In this lesson, we will learn how to retreive astronomical data from a `SQLite` database.

- How to retrieve data from a database
- How to select a subset of the data
- How to sort a query's results
- How to combine data from multiple tables

We will first learn how to do this through the `SQLite` command line interface, then we will learn how to accomplish the same tasks using Python.

# The `hipparcos.db` Database

In this lesson, we will use with the `hipparcos.db` database, which stores data from the Extended Hipparcos Compilation (XHIP).  

It contains:
- Spectral classificaitons
- Radial velocities
- Iron abundances
- Stellar classifications
- Stellar ages
- 2MASS photometry

The database can be downloaded from this URL:

https://www.dropbox.com/s/o80up2k4h3z7uud/hipparcos.db?dl=0

More information about the Extended Hipparcos Compilation:

- https://arxiv.org/abs/1108.4971
- http://cdsarc.u-strasbg.fr/viz-bin/Cat?cat=V%2F137D&target=readme&#sRM-F.42

This database contains two tables, named `data` and `photometry`.  The `data` table stores Astrometry, spectrography, space motions, and exoplanet indications.  The `photometry` tables stores photometry information.

# Opening and Navigating the Database

To connect to the database, we can use the `sqlite3` command line interface:

```
>>> sqlite3 hipparcos.db
```

```
SQLite version 3.13.0 2016-05-18 10:57:30
Enter ".help" for usage hints.
```

**Excercise 1:** Try connecting to the `hipparcos.db` database.  Use the `.help` command to determine which command to use to list the names of tables of the database and run it.

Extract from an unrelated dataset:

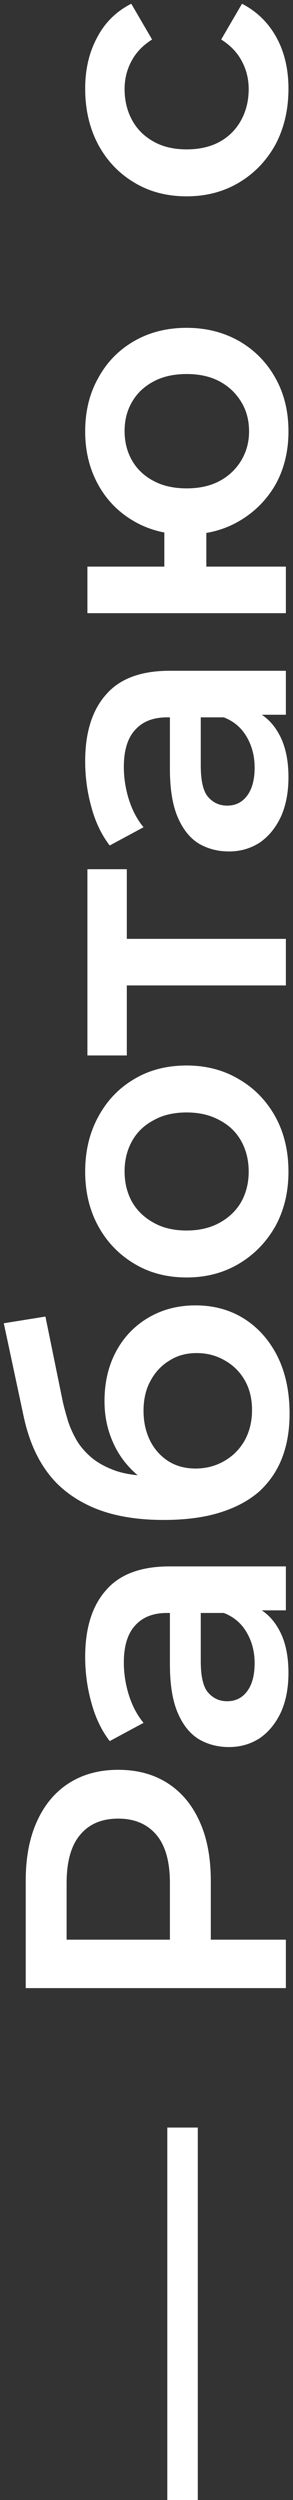 <?xml version="1.0" encoding="UTF-8"?> <svg xmlns="http://www.w3.org/2000/svg" width="41" height="349" viewBox="0 0 41 349" fill="none"><rect x="0" y="0" width="41" height="349" fill="#333333" stroke="none"/><path d="M27.676 349H23.412V297H27.676V349ZM40 277.533H3.6L3.6 262.557C3.6 259.333 4.12 256.577 5.16 254.289C6.2 251.966 7.691 250.181 9.632 248.933C11.573 247.685 13.879 247.061 16.548 247.061C19.217 247.061 21.523 247.685 23.464 248.933C25.405 250.181 26.896 251.966 27.936 254.289C28.976 256.577 29.496 259.333 29.496 262.557V273.789L26.324 270.773H40V277.533ZM27.052 270.773L23.776 273.789V262.869C23.776 259.888 23.152 257.652 21.904 256.161C20.621 254.636 18.836 253.873 16.548 253.873C14.225 253.873 12.44 254.636 11.192 256.161C9.944 257.652 9.32 259.888 9.32 262.869V273.789L5.992 270.773H27.052ZM40 224.8H34.384L33.188 225.164H23.36C21.453 225.164 19.98 225.736 18.94 226.88C17.865 228.024 17.328 229.757 17.328 232.08C17.328 233.64 17.571 235.182 18.056 236.708C18.541 238.198 19.217 239.464 20.084 240.504L15.352 243.052C14.208 241.561 13.359 239.793 12.804 237.748C12.215 235.668 11.92 233.518 11.92 231.3C11.92 227.278 12.891 224.176 14.832 221.992C16.739 219.773 19.703 218.664 23.724 218.664H40V224.8ZM40.364 233.536C40.364 235.616 40.017 237.436 39.324 238.996C38.596 240.556 37.608 241.769 36.36 242.636C35.077 243.468 33.639 243.884 32.044 243.884C30.484 243.884 29.08 243.52 27.832 242.792C26.584 242.029 25.596 240.798 24.868 239.1C24.14 237.401 23.776 235.148 23.776 232.34V224.28H28.092V231.872C28.092 234.09 28.456 235.581 29.184 236.344C29.877 237.106 30.744 237.488 31.784 237.488C32.963 237.488 33.899 237.02 34.592 236.084C35.285 235.148 35.632 233.848 35.632 232.184C35.632 230.589 35.268 229.168 34.54 227.92C33.812 226.637 32.737 225.718 31.316 225.164L35.216 224.072C36.845 224.696 38.111 225.822 39.012 227.452C39.913 229.046 40.364 231.074 40.364 233.536ZM40.52 197.36C40.52 199.648 40.173 201.694 39.48 203.496C38.787 205.299 37.729 206.859 36.308 208.176C34.852 209.459 33.015 210.447 30.796 211.14C28.577 211.834 25.943 212.18 22.892 212.18C20.673 212.18 18.645 211.99 16.808 211.608C14.971 211.227 13.324 210.655 11.868 209.892C10.377 209.13 9.06 208.176 7.916 207.032C6.772 205.854 5.819 204.484 5.056 202.924C4.293 201.364 3.704 199.596 3.288 197.62L0.532 184.724L6.356 183.788L8.748 195.488C8.887 196.147 9.095 196.944 9.372 197.88C9.615 198.782 9.996 199.718 10.516 200.688C11.001 201.624 11.712 202.508 12.648 203.34C13.549 204.138 14.728 204.796 16.184 205.316C17.605 205.802 19.391 206.044 21.54 206.044C22.199 206.044 22.701 206.027 23.048 205.992C23.36 205.923 23.707 205.871 24.088 205.836C24.435 205.767 24.955 205.732 25.648 205.732L23.1 208.176C21.332 207.483 19.824 206.53 18.576 205.316C17.293 204.068 16.323 202.63 15.664 201C14.971 199.336 14.624 197.534 14.624 195.592C14.624 192.992 15.161 190.687 16.236 188.676C17.311 186.666 18.819 185.088 20.76 183.944C22.701 182.8 24.903 182.228 27.364 182.228C29.929 182.228 32.2 182.852 34.176 184.1C36.152 185.348 37.712 187.116 38.856 189.404C39.965 191.658 40.52 194.31 40.52 197.36ZM35.268 196.84C35.268 195.28 34.939 193.911 34.28 192.732C33.587 191.519 32.651 190.583 31.472 189.924C30.293 189.231 28.976 188.884 27.52 188.884C26.064 188.884 24.799 189.231 23.724 189.924C22.615 190.583 21.731 191.519 21.072 192.732C20.413 193.911 20.084 195.315 20.084 196.944C20.084 198.504 20.396 199.908 21.02 201.156C21.644 202.37 22.511 203.323 23.62 204.016C24.695 204.675 25.943 205.004 27.364 205.004C28.82 205.004 30.155 204.658 31.368 203.964C32.581 203.271 33.535 202.318 34.228 201.104C34.921 199.856 35.268 198.435 35.268 196.84ZM40.364 163.561C40.364 166.403 39.757 168.934 38.544 171.153C37.296 173.371 35.597 175.122 33.448 176.405C31.299 177.687 28.855 178.329 26.116 178.329C23.343 178.329 20.899 177.687 18.784 176.405C16.635 175.122 14.953 173.371 13.74 171.153C12.527 168.934 11.92 166.403 11.92 163.561C11.92 160.683 12.527 158.135 13.74 155.917C14.953 153.663 16.617 151.913 18.732 150.665C20.847 149.382 23.308 148.741 26.116 148.741C28.855 148.741 31.299 149.382 33.448 150.665C35.597 151.913 37.296 153.663 38.544 155.917C39.757 158.135 40.364 160.683 40.364 163.561ZM34.8 163.561C34.8 161.966 34.453 160.545 33.76 159.297C33.067 158.049 32.061 157.078 30.744 156.385C29.427 155.657 27.884 155.293 26.116 155.293C24.313 155.293 22.771 155.657 21.488 156.385C20.171 157.078 19.165 158.049 18.472 159.297C17.779 160.545 17.432 161.949 17.432 163.509C17.432 165.103 17.779 166.525 18.472 167.773C19.165 168.986 20.171 169.957 21.488 170.685C22.771 171.413 24.313 171.777 26.116 171.777C27.884 171.777 29.427 171.413 30.744 170.685C32.061 169.957 33.067 168.986 33.76 167.773C34.453 166.525 34.8 165.121 34.8 163.561ZM40 137.563H16.184L17.744 136.055L17.744 147.339H12.232L12.232 121.339H17.744V132.571L16.184 131.063H40V137.563ZM40 99.776H34.384L33.188 100.14H23.36C21.453 100.14 19.98 100.712 18.94 101.856C17.865 103 17.328 104.734 17.328 107.056C17.328 108.616 17.571 110.159 18.056 111.684C18.541 113.175 19.217 114.44 20.084 115.48L15.352 118.028C14.208 116.538 13.359 114.77 12.804 112.724C12.215 110.644 11.92 108.495 11.92 106.276C11.92 102.255 12.891 99.152 14.832 96.968C16.739 94.749 19.703 93.64 23.724 93.64H40V99.776ZM40.364 108.512C40.364 110.592 40.017 112.412 39.324 113.972C38.596 115.532 37.608 116.746 36.36 117.612C35.077 118.444 33.639 118.86 32.044 118.86C30.484 118.86 29.08 118.496 27.832 117.768C26.584 117.006 25.596 115.775 24.868 114.076C24.14 112.378 23.776 110.124 23.776 107.316V99.256H28.092V106.848C28.092 109.067 28.456 110.558 29.184 111.32C29.877 112.083 30.744 112.464 31.784 112.464C32.963 112.464 33.899 111.996 34.592 111.06C35.285 110.124 35.632 108.824 35.632 107.16C35.632 105.566 35.268 104.144 34.54 102.896C33.812 101.614 32.737 100.695 31.316 100.14L35.216 99.048C36.845 99.672 38.111 100.799 39.012 102.428C39.913 104.023 40.364 106.051 40.364 108.512ZM40 85.597H12.232V79.097H22.996V70.829H28.872V79.097H40V85.597ZM40.364 60.221C40.364 62.994 39.757 65.473 38.544 67.657C37.296 69.806 35.597 71.505 33.448 72.753C31.299 74.001 28.855 74.625 26.116 74.625C23.343 74.625 20.881 74.001 18.732 72.753C16.583 71.505 14.919 69.806 13.74 67.657C12.527 65.473 11.92 62.994 11.92 60.221C11.92 57.413 12.527 54.934 13.74 52.785C14.919 50.601 16.583 48.885 18.732 47.637C20.881 46.389 23.343 45.765 26.116 45.765C28.855 45.765 31.316 46.389 33.5 47.637C35.649 48.885 37.331 50.601 38.544 52.785C39.757 54.934 40.364 57.413 40.364 60.221ZM34.852 60.221C34.852 58.661 34.488 57.291 33.76 56.113C33.032 54.9 32.027 53.946 30.744 53.253C29.461 52.559 27.919 52.213 26.116 52.213C24.313 52.213 22.771 52.559 21.488 53.253C20.171 53.946 19.165 54.9 18.472 56.113C17.779 57.291 17.432 58.644 17.432 60.169C17.432 61.694 17.779 63.063 18.472 64.277C19.165 65.49 20.171 66.444 21.488 67.137C22.771 67.83 24.313 68.177 26.116 68.177C27.919 68.177 29.461 67.83 30.744 67.137C32.027 66.444 33.032 65.49 33.76 64.277C34.488 63.063 34.852 61.712 34.852 60.221ZM40.364 12.379C40.364 15.291 39.757 17.891 38.544 20.179C37.296 22.432 35.597 24.2 33.448 25.483C31.299 26.765 28.855 27.407 26.116 27.407C23.343 27.407 20.899 26.765 18.784 25.483C16.635 24.2 14.953 22.432 13.74 20.179C12.527 17.891 11.92 15.291 11.92 12.379C11.92 9.675 12.475 7.3 13.584 5.255C14.659 3.175 16.253 1.597 18.368 0.523L21.28 5.515C19.963 6.347 18.992 7.369 18.368 8.583C17.744 9.761 17.432 11.044 17.432 12.431C17.432 14.025 17.779 15.464 18.472 16.747C19.165 18.029 20.171 19.035 21.488 19.763C22.771 20.491 24.313 20.855 26.116 20.855C27.919 20.855 29.479 20.491 30.796 19.763C32.079 19.035 33.067 18.029 33.76 16.747C34.453 15.464 34.8 14.025 34.8 12.431C34.8 11.044 34.488 9.761 33.864 8.583C33.24 7.369 32.269 6.347 30.952 5.515L33.864 0.523C35.944 1.597 37.556 3.175 38.7 5.255C39.809 7.3 40.364 9.675 40.364 12.379Z" fill="white"></path></svg>

To make the output a bit more human-readable, let's run the following commands:

```
.mode column
.header on
```

In `sqlite`, we can list the columns of a table using the `PRAGMA table_info()` command:

```
sqlite> PRAGMA table_info(data);
```

**Excercise 2:** List all of the columns in the `photometry` table.  How many columns are there?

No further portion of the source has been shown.